What I don’t get is Stellantis, now encompassing Fiat, Chrysler, Jeep, Peugeot, Citroen, Opel/Vauxhaul, and all their other brands, why they can’t use this world-wide company to fill the massive gaps in product they each have.
They must be pretty happy with how money is currently coming in the door to do near-nothing.
Since regulations are different in the US and EU is still costs quite a bit to get those vehicles here. Those vehicles also have not historically sold well in the US compared to their sales in the EU.
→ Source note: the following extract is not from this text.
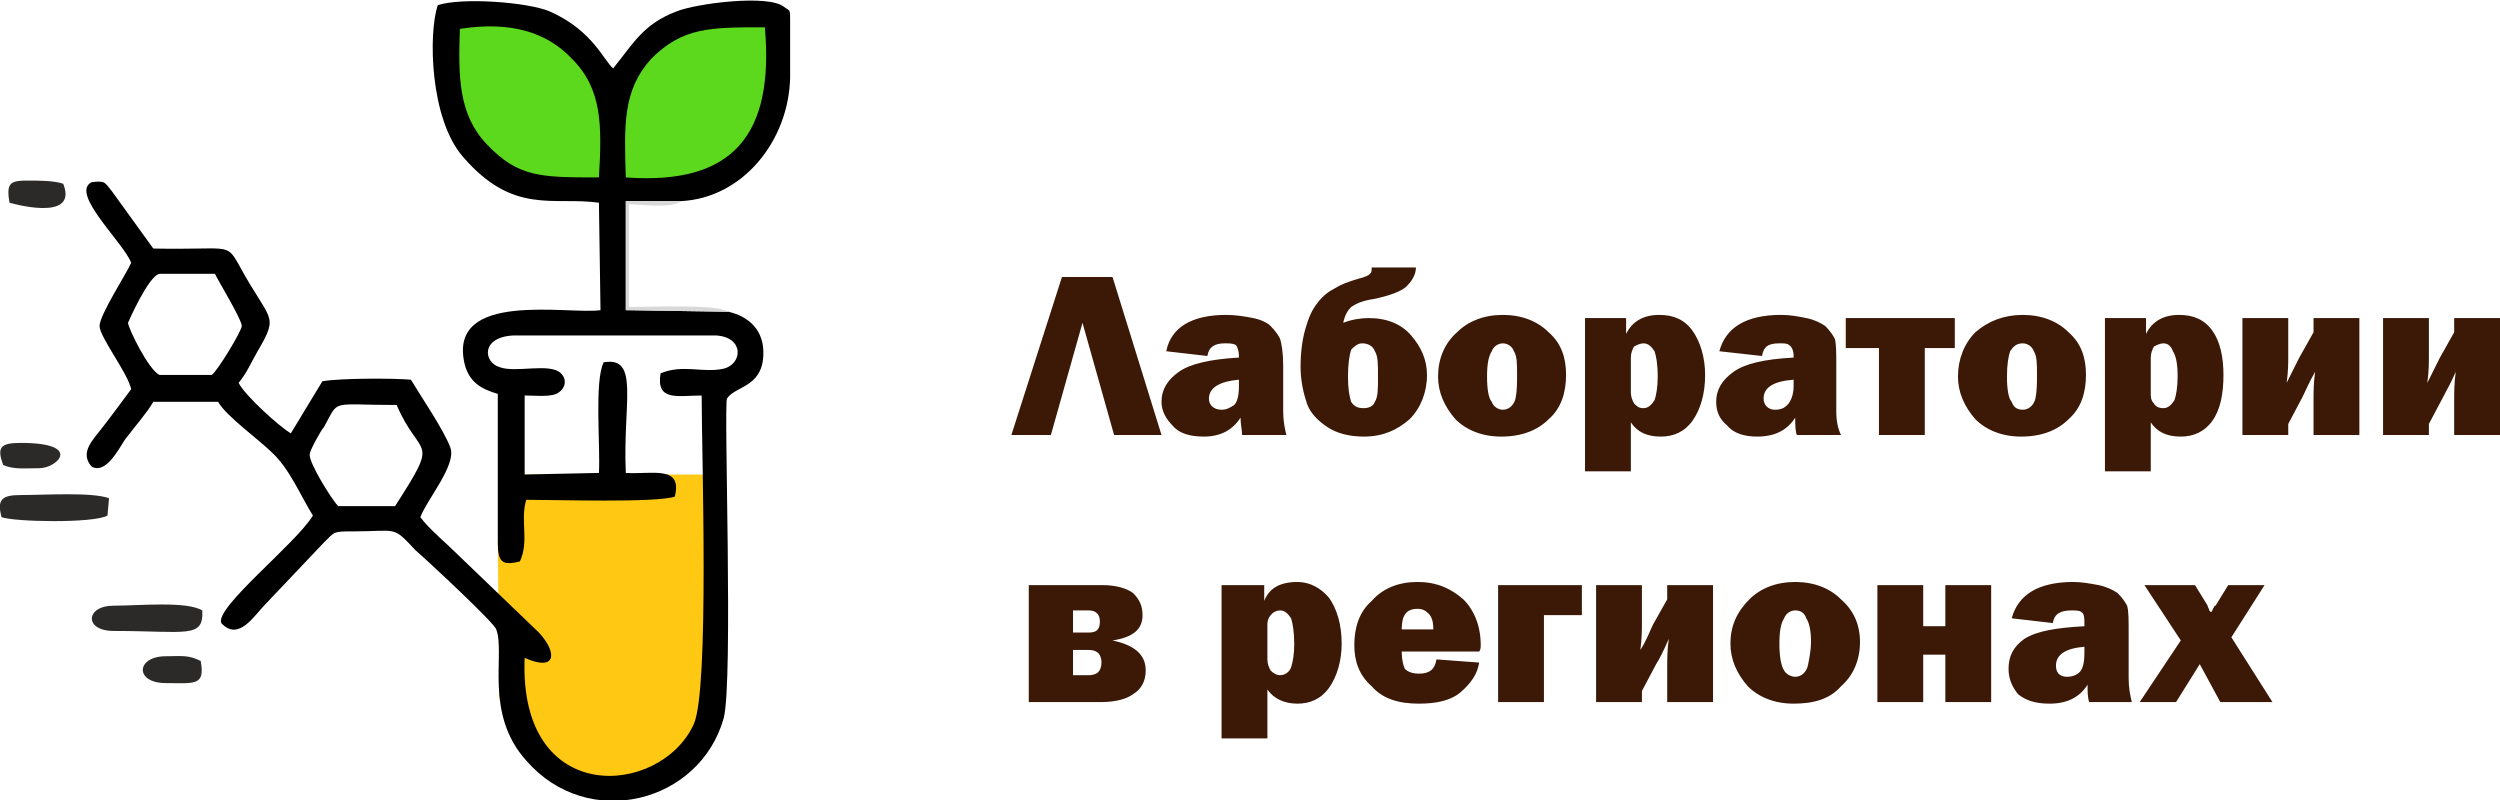 <?xml version="1.0" encoding="UTF-8"?> <svg xmlns="http://www.w3.org/2000/svg" xmlns:xlink="http://www.w3.org/1999/xlink" xml:space="preserve" width="52.394mm" height="16.776mm" version="1.1" style="shape-rendering:geometricPrecision; text-rendering:geometricPrecision; image-rendering:optimizeQuality; fill-rule:evenodd; clip-rule:evenodd" viewBox="0 0 1582 506"> <defs> <style type="text/css"> .fil4 {fill:#2B2A29} .fil2 {fill:black} .fil3 {fill:#5CD91D} .fil5 {fill:#D8D8D8} .fil1 {fill:#FFC913} .fil0 {fill:#3C1906;fill-rule:nonzero} </style> </defs> <g id="Слой_x0020_1">  <path class="fil0" d="M665 275l-25 0 32 -100 32 0 31 100 -30 0 -20 -71 -20 71zm149 0l-28 0c0,-3 -1,-7 -1,-11 -5,8 -13,12 -23,12 -9,0 -16,-2 -20,-7 -4,-4 -7,-9 -7,-15 0,-8 4,-14 11,-19 7,-5 20,-8 38,-9l0 -1c0,-3 -1,-6 -2,-7 -2,-1 -4,-1 -7,-1 -6,0 -10,2 -11,8l-26 -3c3,-15 16,-23 38,-23 6,0 12,1 17,2 5,1 9,3 11,5 3,3 5,6 6,8 1,3 2,9 2,17l0 29c0,6 1,11 2,15zm-30 -35c-12,1 -19,5 -19,12 0,4 3,7 8,7 3,0 5,-1 8,-3 2,-2 3,-6 3,-12l0 -4zm84 -71l28 0c0,4 -2,8 -6,12 -3,3 -11,6 -21,8 -7,1 -11,3 -14,5 -2,2 -4,5 -5,10 5,-2 11,-3 16,-3 12,0 21,4 27,11 6,7 10,15 10,25 0,11 -4,21 -11,28 -8,7 -17,11 -29,11 -9,0 -17,-2 -23,-6 -6,-4 -11,-9 -13,-15 -2,-6 -4,-14 -4,-23 0,-9 1,-17 3,-24 2,-7 4,-12 8,-17 3,-4 7,-7 11,-9 3,-2 8,-4 15,-6 4,-1 6,-2 7,-3 1,-1 1,-2 1,-4zm-6 48c-3,0 -5,2 -7,4 -1,3 -2,9 -2,17 0,8 1,13 2,16 2,3 4,4 8,4 3,0 6,-1 7,-4 2,-3 2,-8 2,-16 0,-8 0,-13 -2,-16 -1,-3 -4,-5 -8,-5zm88 59c-12,0 -22,-4 -29,-11 -7,-8 -11,-17 -11,-27 0,-11 4,-21 12,-28 7,-7 17,-11 29,-11 12,0 22,4 29,11 8,7 11,16 11,27 0,11 -3,21 -11,28 -7,7 -17,11 -30,11zm1 -17c4,0 7,-3 8,-7 1,-5 1,-10 1,-15 0,-7 0,-12 -2,-15 -1,-3 -4,-5 -7,-5 -3,0 -6,2 -7,5 -2,3 -3,8 -3,16 0,8 1,14 3,16 1,3 4,5 7,5zm81 39l-29 0 0 -97 26 0 0 10c4,-8 11,-12 21,-12 9,0 16,3 21,10 5,7 8,17 8,28 0,12 -3,22 -8,29 -5,7 -12,10 -20,10 -9,0 -15,-3 -19,-9l0 31zm0 -50c0,3 1,5 2,7 2,2 3,3 6,3 3,0 5,-2 7,-5 1,-3 2,-8 2,-15 0,-8 -1,-13 -2,-16 -2,-3 -4,-5 -7,-5 -2,0 -4,1 -6,2 -1,2 -2,4 -2,7l0 22zm133 27l-28 0c-1,-3 -1,-7 -1,-11 -5,8 -13,12 -24,12 -8,0 -15,-2 -19,-7 -5,-4 -7,-9 -7,-15 0,-8 4,-14 11,-19 7,-5 19,-8 38,-9l0 -1c0,-3 -1,-6 -3,-7 -1,-1 -3,-1 -6,-1 -7,0 -10,2 -11,8l-27 -3c4,-15 17,-23 39,-23 6,0 11,1 16,2 5,1 9,3 12,5 3,3 5,6 6,8 1,3 1,9 1,17l0 29c0,6 1,11 3,15zm-30 -35c-13,1 -19,5 -19,12 0,4 3,7 7,7 4,0 6,-1 8,-3 2,-2 4,-6 4,-12l0 -4zm54 35l0 -55 -21 0 0 -19 69 0 0 19 -19 0 0 55 -29 0zm90 1c-12,0 -22,-4 -29,-11 -7,-8 -11,-17 -11,-27 0,-11 4,-21 11,-28 8,-7 18,-11 30,-11 12,0 22,4 29,11 8,7 11,16 11,27 0,11 -3,21 -11,28 -7,7 -17,11 -30,11zm1 -17c4,0 7,-3 8,-7 1,-5 1,-10 1,-15 0,-7 0,-12 -2,-15 -1,-3 -4,-5 -7,-5 -4,0 -6,2 -8,5 -1,3 -2,8 -2,16 0,8 1,14 3,16 1,3 3,5 7,5zm81 39l-29 0 0 -97 26 0 0 10c4,-8 11,-12 21,-12 9,0 16,3 21,10 5,7 7,17 7,28 0,12 -2,22 -7,29 -5,7 -12,10 -20,10 -9,0 -15,-3 -19,-9l0 31zm0 -50c0,3 0,5 2,7 1,2 3,3 6,3 3,0 5,-2 7,-5 1,-3 2,-8 2,-15 0,-8 -1,-13 -3,-16 -1,-3 -3,-5 -6,-5 -2,0 -4,1 -6,2 -1,2 -2,4 -2,7l0 22zm87 20l0 7 -29 0 0 -74 29 0 0 24c0,4 0,10 -1,17 3,-6 6,-12 8,-16l9 -16 0 -9 29 0 0 74 -29 0 0 -22c0,-5 0,-11 1,-18 -4,7 -6,12 -8,16l-9 17zm89 0l0 7 -29 0 0 -74 29 0 0 24c0,4 0,10 -1,17 3,-6 6,-12 8,-16l9 -16 0 -9 29 0 0 74 -29 0 0 -22c0,-5 0,-11 1,-18 -3,7 -6,12 -8,16l-9 17zm-886 176l0 -74 47 0c8,0 15,2 19,5 4,4 6,8 6,14 0,9 -6,14 -19,16 14,3 21,9 21,19 0,7 -3,12 -8,15 -4,3 -11,5 -20,5l-46 0zm28 -44l10 0c5,0 7,-2 7,-7 0,-4 -2,-7 -7,-7l-10 0 0 14zm0 27l10 0c3,0 5,-1 6,-2 1,-1 2,-3 2,-6 0,-3 -1,-5 -2,-6 -1,-1 -3,-2 -6,-2l-10 0 0 16zm123 40l-29 0 0 -97 27 0 0 10c3,-8 10,-12 21,-12 8,0 15,4 20,10 5,7 8,17 8,29 0,11 -3,21 -8,28 -5,7 -12,10 -20,10 -8,0 -15,-3 -19,-9l0 31zm0 -50c0,3 1,5 2,7 2,2 4,3 6,3 3,0 6,-2 7,-5 1,-3 2,-8 2,-15 0,-7 -1,-13 -2,-16 -2,-3 -4,-5 -7,-5 -2,0 -4,1 -5,2 -2,2 -3,4 -3,7l0 22zm107 0l27 2c-1,7 -5,13 -12,19 -6,5 -15,7 -26,7 -13,0 -23,-3 -30,-11 -8,-7 -11,-16 -11,-26 0,-11 3,-21 11,-28 7,-8 17,-12 29,-12 12,0 21,4 29,11 7,7 11,17 11,29 0,1 0,3 -1,4l-49 0c0,5 1,9 2,11 2,2 5,3 9,3 7,0 10,-3 11,-9zm-2 -19c0,-5 -1,-8 -3,-10 -2,-2 -4,-3 -7,-3 -7,0 -10,4 -10,13l20 0zm41 46l0 -74 53 0 0 19 -24 0 0 55 -29 0zm91 -7l0 7 -29 0 0 -74 29 0 0 24c0,4 0,10 -1,17 4,-6 6,-12 8,-16l9 -16 0 -9 29 0 0 74 -29 0 0 -22c0,-5 0,-11 1,-18 -3,7 -6,13 -8,16l-9 17zm96 8c-12,0 -22,-4 -29,-11 -7,-8 -11,-17 -11,-27 0,-11 4,-20 12,-28 7,-7 17,-11 29,-11 12,0 22,4 29,11 8,7 12,16 12,27 0,11 -4,21 -12,28 -7,8 -17,11 -30,11zm1 -17c4,0 7,-3 8,-7 1,-5 2,-10 2,-15 0,-7 -1,-12 -3,-15 -1,-3 -3,-5 -7,-5 -3,0 -6,2 -7,5 -2,3 -3,8 -3,16 0,8 1,14 3,17 1,2 4,4 7,4zm52 16l0 -74 29 0 0 26 14 0 0 -26 29 0 0 74 -29 0 0 -30 -14 0 0 30 -29 0zm161 0l-27 0c-1,-3 -1,-7 -1,-11 -5,8 -13,12 -24,12 -9,0 -15,-2 -20,-6 -4,-5 -6,-10 -6,-16 0,-8 3,-14 10,-19 8,-5 20,-7 38,-8l0 -2c0,-3 0,-6 -2,-7 -1,-1 -4,-1 -6,-1 -7,0 -11,2 -12,8l-26 -3c4,-15 17,-23 39,-23 5,0 11,1 16,2 5,1 9,3 12,5 3,3 5,6 6,8 1,3 1,9 1,17l0 29c0,6 1,11 2,15zm-30 -35c-12,1 -18,5 -18,12 0,4 2,7 7,7 3,0 6,-1 8,-3 2,-2 3,-6 3,-12l0 -4zm119 35l-33 0 -13 -24 -15 24 -23 0 26 -39 -23 -35 32 0 8 13c0,1 1,2 1,3 0,0 1,1 1,1 1,0 1,-2 2,-3 0,0 0,-1 1,-1l8 -13 23 0 -21 33 26 41z"></path> <g id="_1385804568320"> <polygon class="fil1" points="324,312 315,342 316,442 356,493 405,498 447,466 454,408 454,300 321,300 "></polygon> <path class="fil2" d="M461 197l-65 -1 0 -69 35 0c39,-2 68,-38 69,-78l0 -36c0,-8 0,-6 -4,-9 -10,-8 -56,-2 -68,3 -21,8 -27,20 -40,36 -6,-5 -13,-24 -40,-36 -14,-6 -56,-9 -71,-4 -6,18 -5,72 16,96 32,37 57,25 86,29l1 68c-20,3 -97,-13 -86,34 3,12 11,16 21,19l0 93c0,13 2,16 14,13 6,-13 0,-26 4,-39 19,0 82,2 94,-2 5,-20 -14,-14 -31,-15 -2,-44 9,-74 -14,-70 -6,12 -2,53 -3,70l-47 1 0 -50c6,0 15,1 20,-1 6,-3 7,-9 3,-13 -7,-7 -29,0 -39,-4 -10,-3 -12,-19 9,-20l128 0c18,1 17,18 5,21 -13,3 -26,-3 -40,3 -3,18 11,14 26,14 0,36 5,186 -5,208 -21,46 -111,53 -107,-42 20,9 21,-3 9,-16l-51 -49c-7,-7 -19,-17 -24,-24 4,-11 23,-33 19,-44 -4,-11 -19,-33 -25,-43 -11,-1 -45,-1 -56,1l-20 33c-8,-5 -29,-24 -33,-32 5,-6 8,-13 12,-20 14,-24 8,-18 -12,-55 -8,-14 -6,-9 -54,-10l-26 -36c-5,-6 -4,-7 -13,-6 -14,7 20,38 25,51 -3,7 -20,33 -20,40 0,7 18,30 20,40 -6,8 -11,15 -18,24 -6,8 -15,16 -7,25 9,5 17,-11 21,-17 6,-8 14,-17 18,-24l41 0c5,9 26,24 34,32 11,10 18,27 26,40 -11,18 -62,58 -58,68 11,12 21,-5 28,-12l37 -39c7,-7 6,-7 18,-7 29,0 25,-4 40,12 7,6 50,46 51,50 6,15 -8,53 19,83 39,45 110,27 125,-27 6,-24 0,-195 2,-202 5,-8 22,-7 23,-27 1,-16 -9,-25 -22,-28zm-360 40l33 0c4,-3 19,-28 19,-31 0,-4 -14,-27 -17,-33l-35 0c-7,1 -20,31 -20,31 0,3 13,30 20,33zm113 83l36 0c29,-45 16,-29 1,-64 -43,0 -36,-4 -46,14 -2,2 -9,15 -9,17 -1,5 14,29 18,33z"></path> <path class="fil3" d="M379 112c2,-33 2,-56 -17,-75 -16,-17 -39,-24 -71,-19 -1,30 -1,54 17,73 20,21 34,21 71,21z"></path> <path class="fil3" d="M396 112c68,5 94,-27 88,-95 -35,0 -52,0 -72,20 -18,20 -17,42 -16,75z"></path> <path class="fil4" d="M72 399c46,0 57,5 56,-13 -10,-6 -40,-3 -56,-3 -18,0 -19,16 0,16z"></path> <path class="fil4" d="M1 327c8,3 58,4 67,-1l1 -11c-11,-4 -41,-2 -56,-2 -12,0 -15,3 -12,14z"></path> <path class="fil4" d="M105 432c18,0 25,2 22,-14 -8,-4 -12,-3 -22,-3 -19,0 -20,17 0,17z"></path> <path class="fil4" d="M6 128c0,0 44,13 34,-12 -6,-2 -15,-2 -23,-2 -11,0 -13,2 -11,14z"></path> <path class="fil4" d="M2 294c7,3 14,2 23,2 11,0 28,-16 -12,-16 -13,0 -15,3 -11,14z"></path> <path class="fil5" d="M461 197c-8,-5 -48,-3 -63,-3l0 -65c8,0 27,3 33,-2l-35 0 0 69 65 1z"></path> </g> </g> </svg>

well, maybe they can use some of those profits to lobby for harmonized standards, for the US to accept UNECE standards, etc.
Agreed.
I haven’t looked at the information, but what about inventory and sales of their brands outside the US? CJDR might look awful in the US, but perhaps the other brands, and the Jeep Avenger are doing fine. Although… such a statement is awkward at an event where the Wagoneer S is one of the vehicles on the new platform being promoted. Led Zeppelin was a band, not a brand. Stop trying to float lead balloons.
LOL Stellantis and Tesla are both known for making shitty cars 😛
What I’m listening to while reading this:
https://www.youtube.com/watch?v=xALb75mMnJ0
I don’t know who Tavares is talking about but my brain kept switching to that “Tavarish” and if anybody knows anything about making/losing money on cars…
I guess Tesla is the only automaker that introduces new products as infrequently as Stellantis and has almost as long of a product cycle, so that’s probably the only one he feels at all confident in trash talking
Jaguar. Even when they are developing new product are really sloooooow.
Toyota? Nissan? Toyota platforms are old as hell. Its how you get reliable cars. You make something and then keep improving versus all new.
As for Tesla they have updated and modified nearly all the components of the vehicles, but they look like the old ones on the outside, does that mean they are stale? It seems that nobody except car blogs seem to care because all of these old platforms from Toyota, Tesla, Dodge sell like crazy.